> [Provided material]:
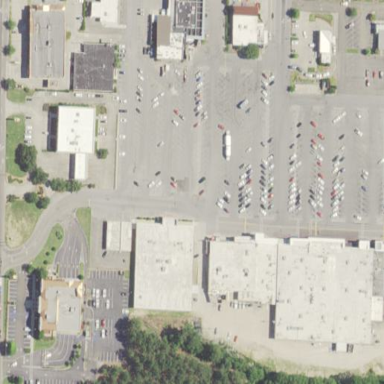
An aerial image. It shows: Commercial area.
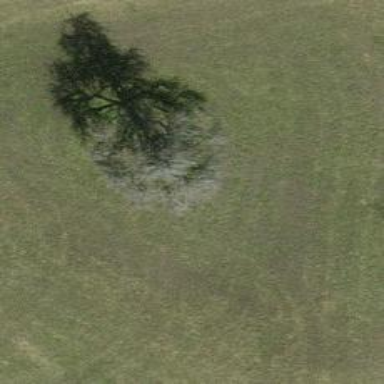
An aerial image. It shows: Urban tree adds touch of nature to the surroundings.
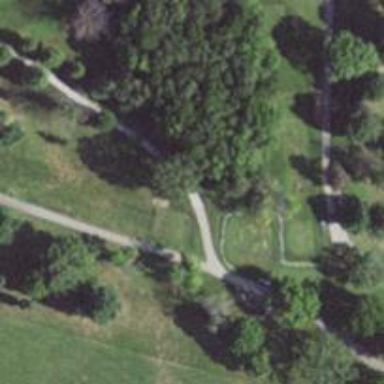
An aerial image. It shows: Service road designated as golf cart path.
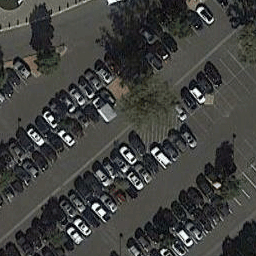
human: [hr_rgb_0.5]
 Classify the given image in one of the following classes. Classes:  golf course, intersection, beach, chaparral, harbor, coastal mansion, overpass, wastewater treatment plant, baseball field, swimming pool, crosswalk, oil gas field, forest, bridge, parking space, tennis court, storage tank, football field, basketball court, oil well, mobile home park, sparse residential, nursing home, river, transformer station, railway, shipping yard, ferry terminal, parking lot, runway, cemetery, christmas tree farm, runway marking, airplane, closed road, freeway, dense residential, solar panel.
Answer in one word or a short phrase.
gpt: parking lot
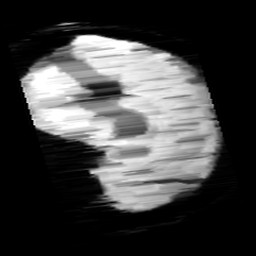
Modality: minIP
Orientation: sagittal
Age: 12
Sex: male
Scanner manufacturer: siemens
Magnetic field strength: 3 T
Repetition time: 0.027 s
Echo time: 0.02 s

* * *

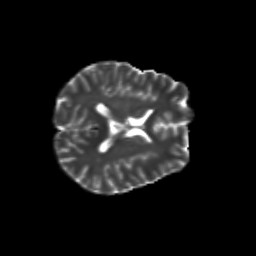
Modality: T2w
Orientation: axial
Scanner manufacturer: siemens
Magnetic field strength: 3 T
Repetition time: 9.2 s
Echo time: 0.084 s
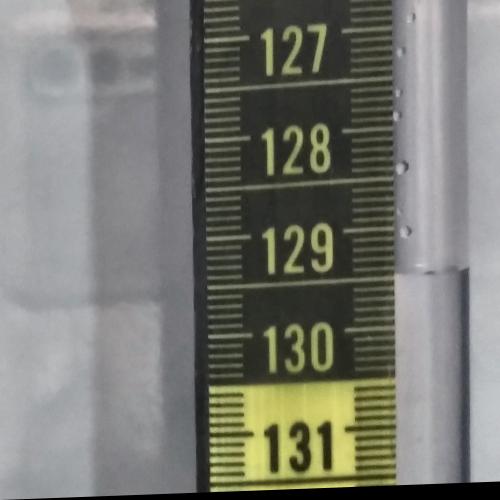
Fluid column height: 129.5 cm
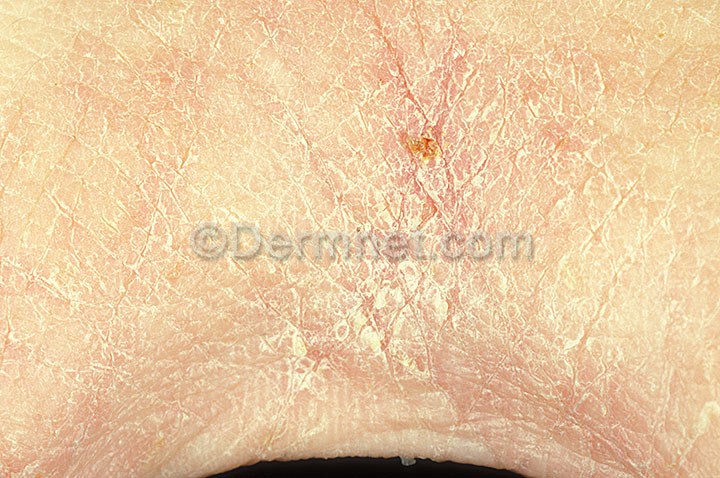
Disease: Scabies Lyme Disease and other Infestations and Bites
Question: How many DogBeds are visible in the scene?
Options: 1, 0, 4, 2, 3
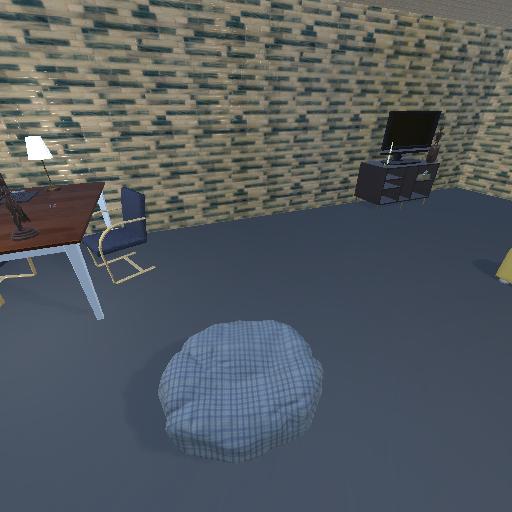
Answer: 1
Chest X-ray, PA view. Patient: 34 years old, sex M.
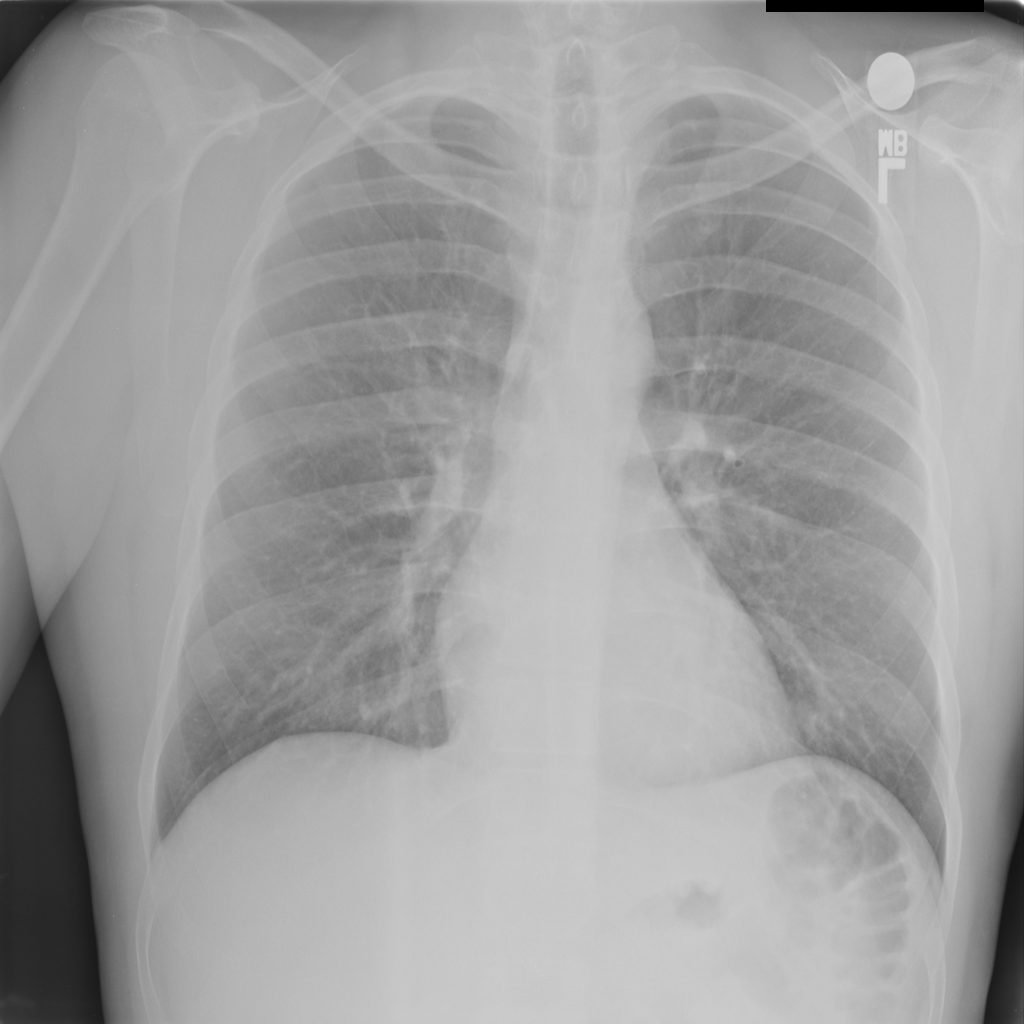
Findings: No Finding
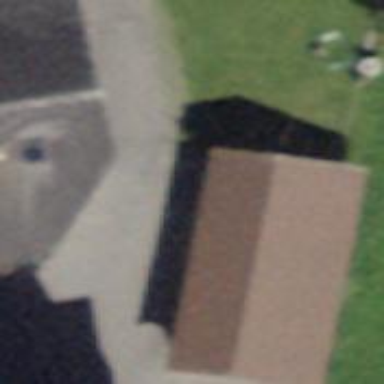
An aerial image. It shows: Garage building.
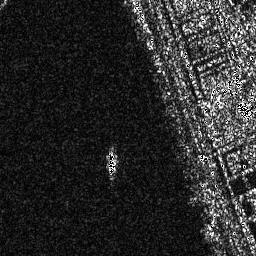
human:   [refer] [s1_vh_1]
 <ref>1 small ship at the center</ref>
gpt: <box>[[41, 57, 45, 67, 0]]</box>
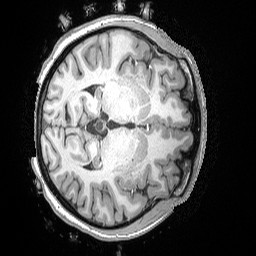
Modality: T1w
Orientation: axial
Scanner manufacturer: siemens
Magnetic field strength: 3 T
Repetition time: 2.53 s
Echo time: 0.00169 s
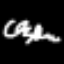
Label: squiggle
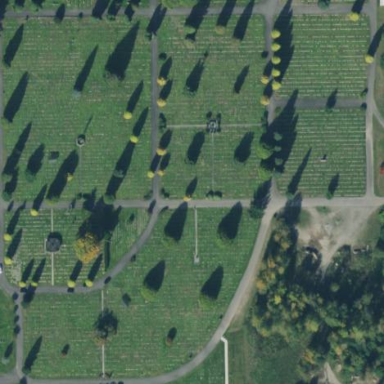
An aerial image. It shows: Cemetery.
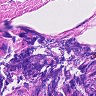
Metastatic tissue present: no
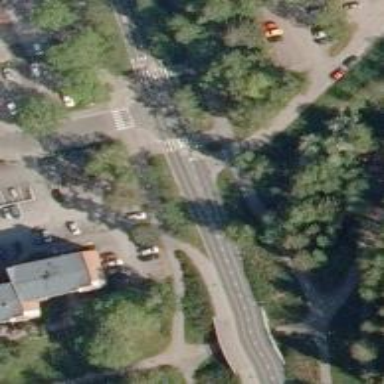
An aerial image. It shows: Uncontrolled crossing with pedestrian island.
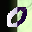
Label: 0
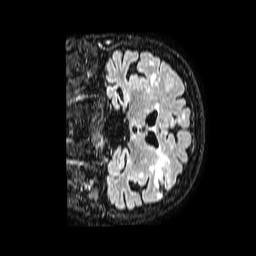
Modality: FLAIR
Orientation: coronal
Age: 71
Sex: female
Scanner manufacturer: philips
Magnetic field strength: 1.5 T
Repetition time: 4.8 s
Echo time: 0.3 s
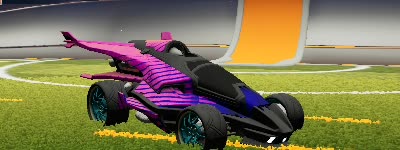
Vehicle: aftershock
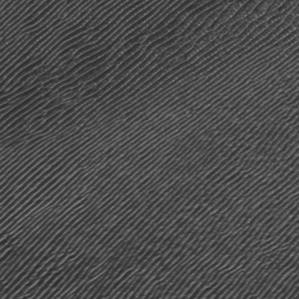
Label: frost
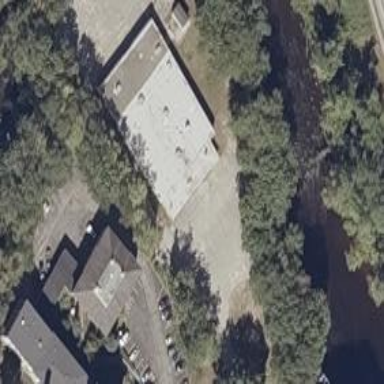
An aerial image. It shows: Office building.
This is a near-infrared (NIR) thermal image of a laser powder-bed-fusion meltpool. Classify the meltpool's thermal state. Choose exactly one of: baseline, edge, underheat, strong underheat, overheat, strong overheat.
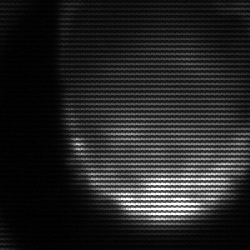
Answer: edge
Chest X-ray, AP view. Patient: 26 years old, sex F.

==

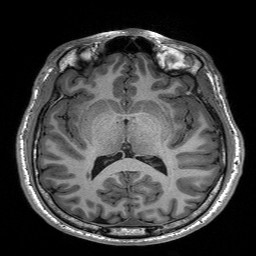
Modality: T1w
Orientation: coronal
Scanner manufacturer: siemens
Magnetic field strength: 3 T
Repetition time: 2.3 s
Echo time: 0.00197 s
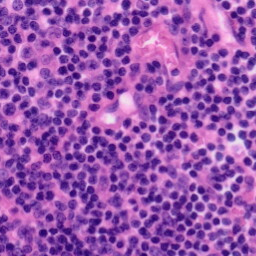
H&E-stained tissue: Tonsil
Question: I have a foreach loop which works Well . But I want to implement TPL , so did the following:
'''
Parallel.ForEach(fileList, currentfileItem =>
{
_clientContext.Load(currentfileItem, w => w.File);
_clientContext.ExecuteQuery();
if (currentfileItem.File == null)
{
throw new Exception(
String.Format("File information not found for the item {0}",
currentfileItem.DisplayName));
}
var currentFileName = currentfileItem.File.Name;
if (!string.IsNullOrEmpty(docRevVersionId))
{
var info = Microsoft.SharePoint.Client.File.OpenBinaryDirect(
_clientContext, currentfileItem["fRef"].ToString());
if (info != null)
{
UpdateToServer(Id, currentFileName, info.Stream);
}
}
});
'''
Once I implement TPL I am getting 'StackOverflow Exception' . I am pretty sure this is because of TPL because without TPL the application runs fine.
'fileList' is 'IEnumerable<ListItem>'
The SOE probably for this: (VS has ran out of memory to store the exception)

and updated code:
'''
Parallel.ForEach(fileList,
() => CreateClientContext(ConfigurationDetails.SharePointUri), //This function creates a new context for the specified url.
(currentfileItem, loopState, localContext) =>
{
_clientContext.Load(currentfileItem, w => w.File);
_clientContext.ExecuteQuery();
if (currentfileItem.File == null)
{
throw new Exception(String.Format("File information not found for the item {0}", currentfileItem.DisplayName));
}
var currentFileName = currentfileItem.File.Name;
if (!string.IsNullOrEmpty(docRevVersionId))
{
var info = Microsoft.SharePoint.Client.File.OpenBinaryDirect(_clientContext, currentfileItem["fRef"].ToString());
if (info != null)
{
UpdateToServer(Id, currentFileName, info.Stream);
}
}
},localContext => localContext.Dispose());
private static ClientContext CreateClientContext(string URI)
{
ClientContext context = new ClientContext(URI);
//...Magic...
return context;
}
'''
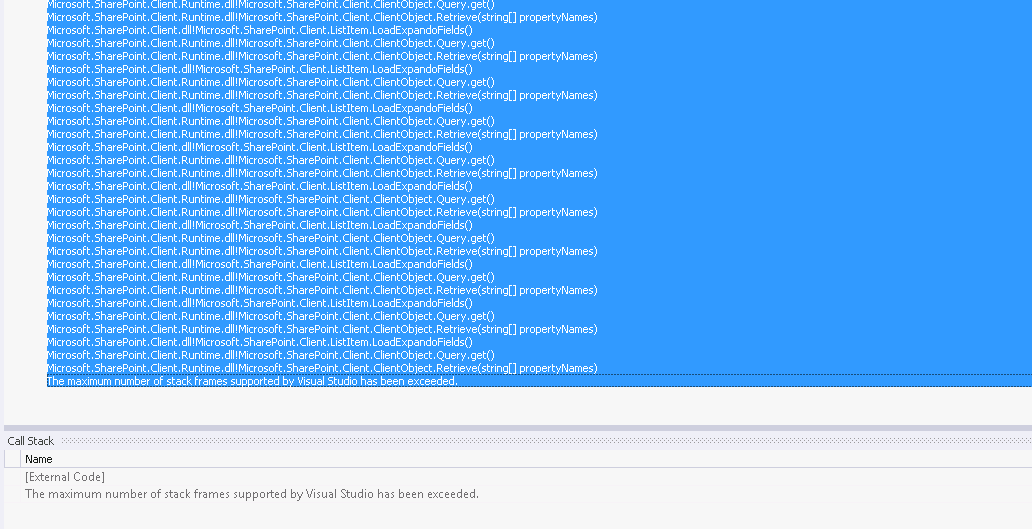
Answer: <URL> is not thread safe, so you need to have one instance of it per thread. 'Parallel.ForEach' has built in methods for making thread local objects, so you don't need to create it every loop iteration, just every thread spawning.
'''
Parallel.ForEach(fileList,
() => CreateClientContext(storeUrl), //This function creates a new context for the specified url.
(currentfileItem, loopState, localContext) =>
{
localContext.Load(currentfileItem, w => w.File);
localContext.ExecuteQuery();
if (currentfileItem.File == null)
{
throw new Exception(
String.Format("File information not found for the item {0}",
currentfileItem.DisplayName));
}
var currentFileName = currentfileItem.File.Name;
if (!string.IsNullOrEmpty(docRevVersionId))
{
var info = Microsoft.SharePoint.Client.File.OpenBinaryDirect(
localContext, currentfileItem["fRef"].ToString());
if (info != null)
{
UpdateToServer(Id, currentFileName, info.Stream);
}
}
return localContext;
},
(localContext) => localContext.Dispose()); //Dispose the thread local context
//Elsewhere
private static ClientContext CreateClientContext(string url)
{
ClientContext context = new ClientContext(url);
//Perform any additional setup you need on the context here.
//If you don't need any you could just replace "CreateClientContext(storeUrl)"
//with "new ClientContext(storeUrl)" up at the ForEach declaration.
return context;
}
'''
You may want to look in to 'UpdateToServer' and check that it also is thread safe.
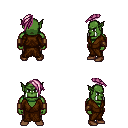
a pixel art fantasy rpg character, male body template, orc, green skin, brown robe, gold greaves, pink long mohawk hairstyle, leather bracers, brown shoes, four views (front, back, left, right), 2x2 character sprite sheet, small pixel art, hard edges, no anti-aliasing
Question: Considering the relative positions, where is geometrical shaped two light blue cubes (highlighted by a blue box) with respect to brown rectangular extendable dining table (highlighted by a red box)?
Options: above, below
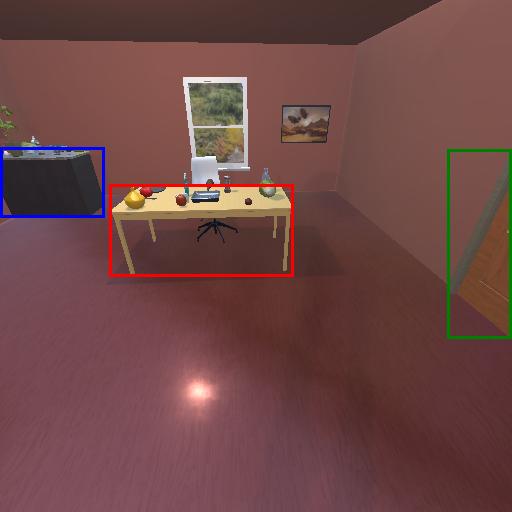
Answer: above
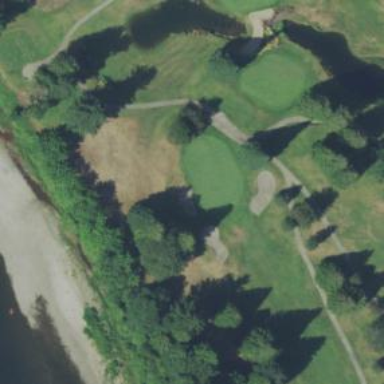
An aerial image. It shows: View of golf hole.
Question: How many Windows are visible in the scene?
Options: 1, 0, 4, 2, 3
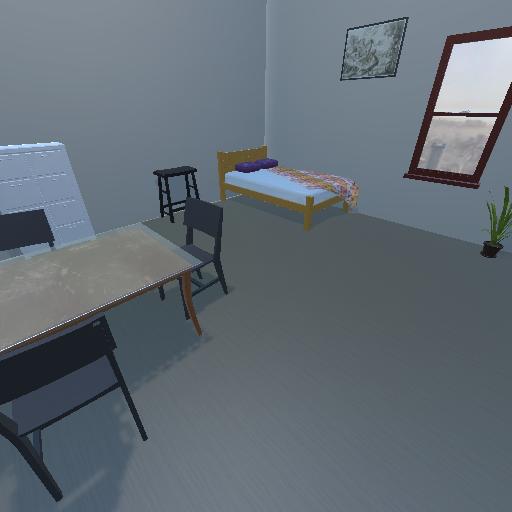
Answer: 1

> [Task prompt]: Reproduce the data above exactly, but only from the line containing "<ref>1 small ship at the center</ref>" through the line containing "Answer: edge"; skip the pictures.

> [Written reply]:
 <ref>1 small ship at the center</ref>
gpt: <box>[[41, 57, 45, 67, 0]]</box>
Modality: T1w
Orientation: axial
Scanner manufacturer: siemens
Magnetic field strength: 3 T
Repetition time: 2.53 s
Echo time: 0.00169 s
Label: squiggle
An aerial image. It shows: Cemetery.
Metastatic tissue present: no
An aerial image. It shows: Uncontrolled crossing with pedestrian island.
Label: 0
Modality: FLAIR
Orientation: coronal
Age: 71
Sex: female
Scanner manufacturer: philips
Magnetic field strength: 1.5 T
Repetition time: 4.8 s
Echo time: 0.3 s
Vehicle: aftershock
Label: frost
An aerial image. It shows: Office building.
This is a near-infrared (NIR) thermal image of a laser powder-bed-fusion meltpool. Classify the meltpool's thermal state. Choose exactly one of: baseline, edge, underheat, strong underheat, overheat, strong overheat.
Answer: edge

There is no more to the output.